The task:
Locate every line in the records below that contains the word "version", and copy each one.

=== Available records ===

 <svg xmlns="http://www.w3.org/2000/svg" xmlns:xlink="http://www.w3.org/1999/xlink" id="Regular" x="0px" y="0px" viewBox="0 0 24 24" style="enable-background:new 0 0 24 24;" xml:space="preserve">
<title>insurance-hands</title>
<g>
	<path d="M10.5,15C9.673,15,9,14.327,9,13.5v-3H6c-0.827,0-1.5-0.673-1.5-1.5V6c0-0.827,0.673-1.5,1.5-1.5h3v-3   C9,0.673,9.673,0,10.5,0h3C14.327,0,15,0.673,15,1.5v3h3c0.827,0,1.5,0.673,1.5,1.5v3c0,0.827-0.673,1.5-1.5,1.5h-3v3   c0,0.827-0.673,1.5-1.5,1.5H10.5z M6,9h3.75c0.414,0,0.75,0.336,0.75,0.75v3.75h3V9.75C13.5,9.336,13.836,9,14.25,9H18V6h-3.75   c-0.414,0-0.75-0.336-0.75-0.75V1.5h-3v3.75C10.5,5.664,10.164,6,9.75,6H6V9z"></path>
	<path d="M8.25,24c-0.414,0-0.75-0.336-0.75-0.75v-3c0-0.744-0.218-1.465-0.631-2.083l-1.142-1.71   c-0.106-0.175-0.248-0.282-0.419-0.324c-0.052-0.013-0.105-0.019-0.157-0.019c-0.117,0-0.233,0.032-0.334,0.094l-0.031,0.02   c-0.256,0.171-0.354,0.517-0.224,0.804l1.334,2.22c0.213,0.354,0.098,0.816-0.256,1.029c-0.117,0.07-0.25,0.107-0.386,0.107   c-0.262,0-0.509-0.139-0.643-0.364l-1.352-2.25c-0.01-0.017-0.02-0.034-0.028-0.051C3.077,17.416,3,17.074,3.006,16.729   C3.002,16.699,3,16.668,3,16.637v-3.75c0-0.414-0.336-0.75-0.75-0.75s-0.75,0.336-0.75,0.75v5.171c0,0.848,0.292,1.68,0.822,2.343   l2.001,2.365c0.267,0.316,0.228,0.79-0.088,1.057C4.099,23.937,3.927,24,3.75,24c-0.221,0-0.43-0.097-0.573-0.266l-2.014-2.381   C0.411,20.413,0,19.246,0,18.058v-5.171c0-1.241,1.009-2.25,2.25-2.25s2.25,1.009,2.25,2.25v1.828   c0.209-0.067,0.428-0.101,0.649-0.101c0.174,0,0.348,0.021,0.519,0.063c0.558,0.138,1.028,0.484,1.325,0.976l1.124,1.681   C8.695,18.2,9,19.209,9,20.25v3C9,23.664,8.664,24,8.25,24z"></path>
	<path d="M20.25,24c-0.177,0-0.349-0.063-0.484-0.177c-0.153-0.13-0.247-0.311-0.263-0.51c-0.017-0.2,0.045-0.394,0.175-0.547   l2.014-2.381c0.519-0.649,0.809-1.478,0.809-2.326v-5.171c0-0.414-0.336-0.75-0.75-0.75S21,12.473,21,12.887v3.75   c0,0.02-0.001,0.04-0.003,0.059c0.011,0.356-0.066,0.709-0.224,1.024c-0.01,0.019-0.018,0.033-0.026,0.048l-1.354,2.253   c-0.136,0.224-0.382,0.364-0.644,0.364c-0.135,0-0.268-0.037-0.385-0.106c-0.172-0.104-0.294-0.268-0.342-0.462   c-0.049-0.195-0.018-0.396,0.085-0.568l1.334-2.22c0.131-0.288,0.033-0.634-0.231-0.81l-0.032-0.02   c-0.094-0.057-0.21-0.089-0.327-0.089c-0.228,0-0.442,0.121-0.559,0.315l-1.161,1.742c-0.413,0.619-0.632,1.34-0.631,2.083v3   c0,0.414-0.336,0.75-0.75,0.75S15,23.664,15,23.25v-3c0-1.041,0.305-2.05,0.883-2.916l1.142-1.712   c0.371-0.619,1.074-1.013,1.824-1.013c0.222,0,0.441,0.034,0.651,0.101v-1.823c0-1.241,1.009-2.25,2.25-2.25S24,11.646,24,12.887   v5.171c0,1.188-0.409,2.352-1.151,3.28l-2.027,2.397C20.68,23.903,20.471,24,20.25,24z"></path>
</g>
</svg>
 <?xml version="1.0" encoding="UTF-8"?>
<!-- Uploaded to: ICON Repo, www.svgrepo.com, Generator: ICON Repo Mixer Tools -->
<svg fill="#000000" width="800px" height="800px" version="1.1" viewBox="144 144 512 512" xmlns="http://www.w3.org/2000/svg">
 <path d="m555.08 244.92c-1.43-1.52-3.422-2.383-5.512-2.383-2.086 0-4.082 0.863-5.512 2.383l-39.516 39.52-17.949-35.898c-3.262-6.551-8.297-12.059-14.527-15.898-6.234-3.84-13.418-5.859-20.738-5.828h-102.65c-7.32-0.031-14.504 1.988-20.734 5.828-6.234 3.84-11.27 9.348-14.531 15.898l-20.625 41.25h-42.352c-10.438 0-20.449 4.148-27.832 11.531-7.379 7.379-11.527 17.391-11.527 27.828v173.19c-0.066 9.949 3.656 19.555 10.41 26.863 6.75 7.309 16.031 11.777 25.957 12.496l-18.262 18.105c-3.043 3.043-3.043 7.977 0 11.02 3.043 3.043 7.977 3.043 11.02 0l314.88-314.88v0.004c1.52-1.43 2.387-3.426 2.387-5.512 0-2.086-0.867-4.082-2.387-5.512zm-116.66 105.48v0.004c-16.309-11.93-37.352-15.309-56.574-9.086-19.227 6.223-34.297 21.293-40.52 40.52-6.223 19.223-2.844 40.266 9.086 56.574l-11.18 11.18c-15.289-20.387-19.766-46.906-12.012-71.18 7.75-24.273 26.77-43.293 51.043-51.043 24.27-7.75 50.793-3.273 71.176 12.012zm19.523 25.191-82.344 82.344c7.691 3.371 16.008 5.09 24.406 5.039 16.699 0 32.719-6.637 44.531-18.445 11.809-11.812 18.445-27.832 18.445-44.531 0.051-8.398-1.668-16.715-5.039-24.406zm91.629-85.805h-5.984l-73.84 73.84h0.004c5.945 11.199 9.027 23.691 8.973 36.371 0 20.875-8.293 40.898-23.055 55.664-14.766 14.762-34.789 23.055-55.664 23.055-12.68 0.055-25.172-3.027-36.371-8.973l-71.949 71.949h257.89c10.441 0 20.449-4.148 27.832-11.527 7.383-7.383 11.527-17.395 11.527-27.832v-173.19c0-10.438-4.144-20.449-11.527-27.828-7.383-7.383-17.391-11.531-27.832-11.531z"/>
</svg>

===

Task response:
 <?xml version="1.0" encoding="UTF-8"?>
<svg fill="#000000" width="800px" height="800px" version="1.1" viewBox="144 144 512 512" xmlns="http://www.w3.org/2000/svg">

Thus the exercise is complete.